Federico Fellini gave her a piece of advice that she never forgot: “When your mouth smiles, your eyes should be serious, and vice versa.” It was a great acting tip, but it also mirrored her complex nature. Her pout, reminiscent of Brigitte Bardot’s — the diva Claudia most wanted to look like as a young actress — expressed her melancholia; her full laughter, with that husky timbre, communicated her joie de vivre and her irony.
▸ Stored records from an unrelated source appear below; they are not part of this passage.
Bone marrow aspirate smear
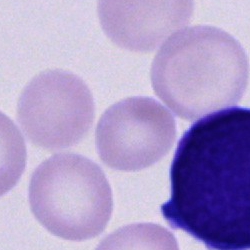 Classification = unidentifiable cell.
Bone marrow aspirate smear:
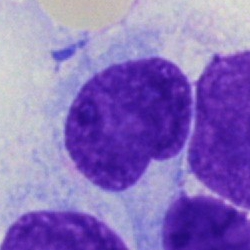

Classification — hairy cell.
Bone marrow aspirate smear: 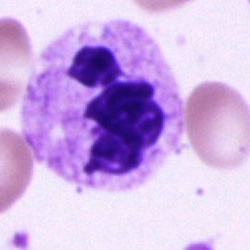

This is a polymorphonuclear neutrophil.
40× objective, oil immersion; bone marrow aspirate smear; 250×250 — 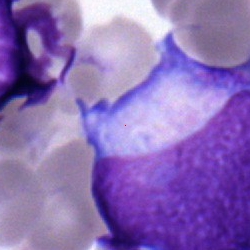 Morphological class — progranulocyte.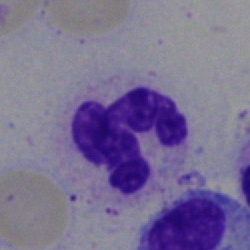

The cell shown is a neutrophil (segmented).
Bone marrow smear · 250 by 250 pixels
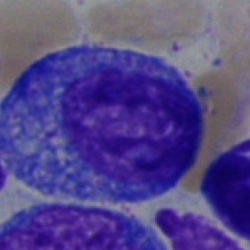
Specimen: bone marrow aspirate smear.
Cell: progranulocyte.
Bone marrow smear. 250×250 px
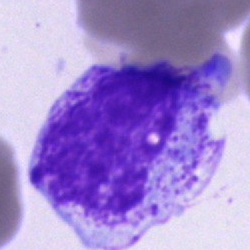
Showing a progranulocyte.
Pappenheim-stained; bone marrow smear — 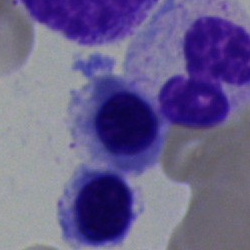Showing a normoblast.
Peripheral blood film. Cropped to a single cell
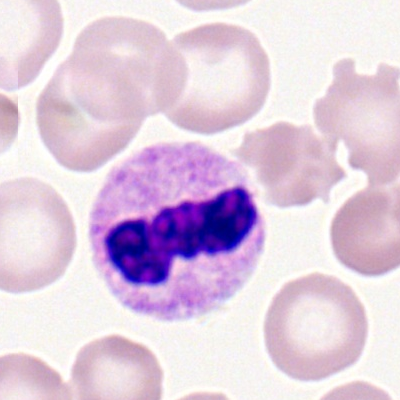Q: What cell is this?
A: Neutrophil (segmented).
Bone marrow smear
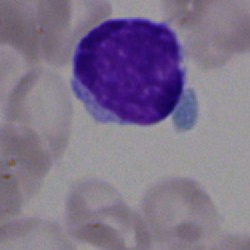

Single cell identified as a typical lymphocyte.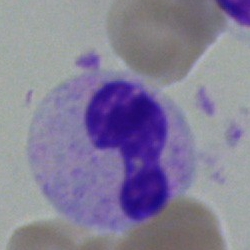
The classification is stab cell.
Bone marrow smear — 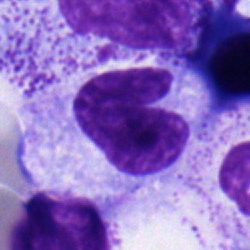

Specimen: bone marrow aspirate smear.
Morphological class: band neutrophil.
Lineage: myeloid.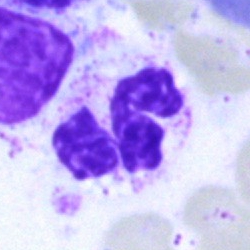 Bone marrow aspirate smear, single cell — segmented neutrophil.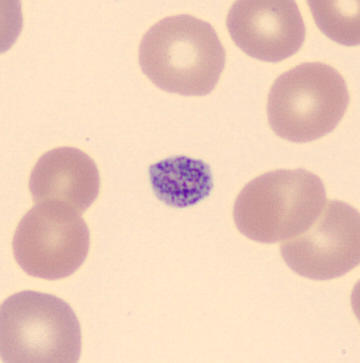 A platelet (thrombocyte). Preparation: Peripheral blood film.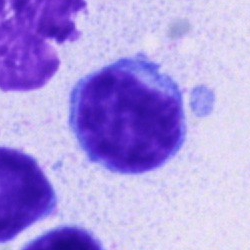

Morphology → lymphocyte.
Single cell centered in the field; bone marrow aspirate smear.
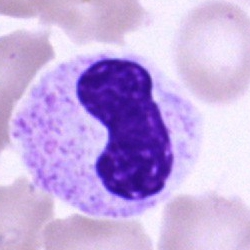 Morphology — band neutrophil.
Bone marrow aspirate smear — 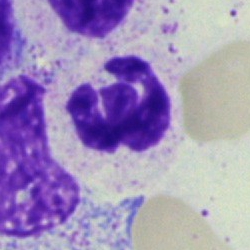

Cell type — segmented neutrophil.
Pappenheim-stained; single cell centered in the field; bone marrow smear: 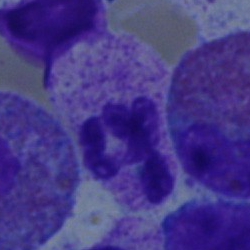Cell type — segmented neutrophil.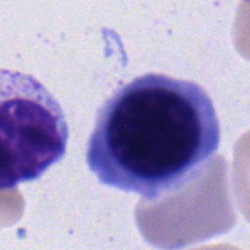 Showing a nucleated red cell.
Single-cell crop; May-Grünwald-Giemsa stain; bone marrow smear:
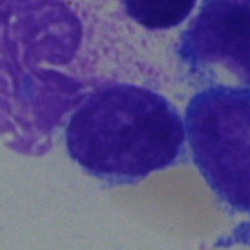

A typical lymphocyte.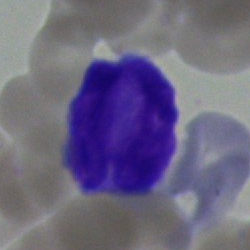Cell type — undifferentiated blast.
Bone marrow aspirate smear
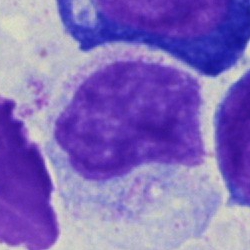

A myelocyte.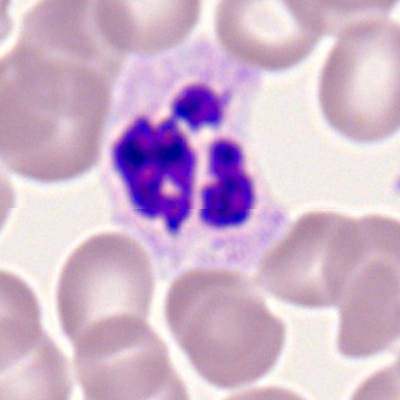

Specimen: peripheral blood smear.
Cell: polymorphonuclear neutrophil.
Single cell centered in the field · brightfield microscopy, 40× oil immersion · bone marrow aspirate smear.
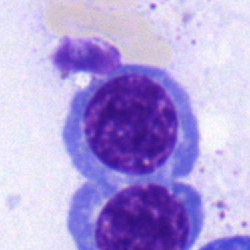
Nucleated red cell.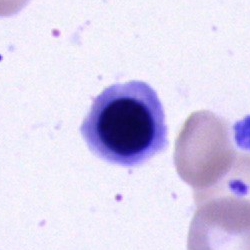 Q: What is the morphological classification of this cell?
A: It is a normoblast.

She worked with Fellini and with Visconti, whose rivalry was legendary, shooting their masterpieces 8½ and The Leopard at the same time, jumping from set to set. She worked with great Italian directors such as Sergio Leone, Mario Monicelli, Pietro Germi, Marco Ferreri, Liliana Cavani, Franco Zeffirelli and Marco Bellocchio, and with many international auteurs, including Abel Gance, Jerzy Skolimowski, Blake Edwards, Claude Lelouch and Manoel de Oliveira. Everybody wanted her, but nobody ever pinned her down. She was indomitable as an actress and as a woman, and the world is not likely to forget her.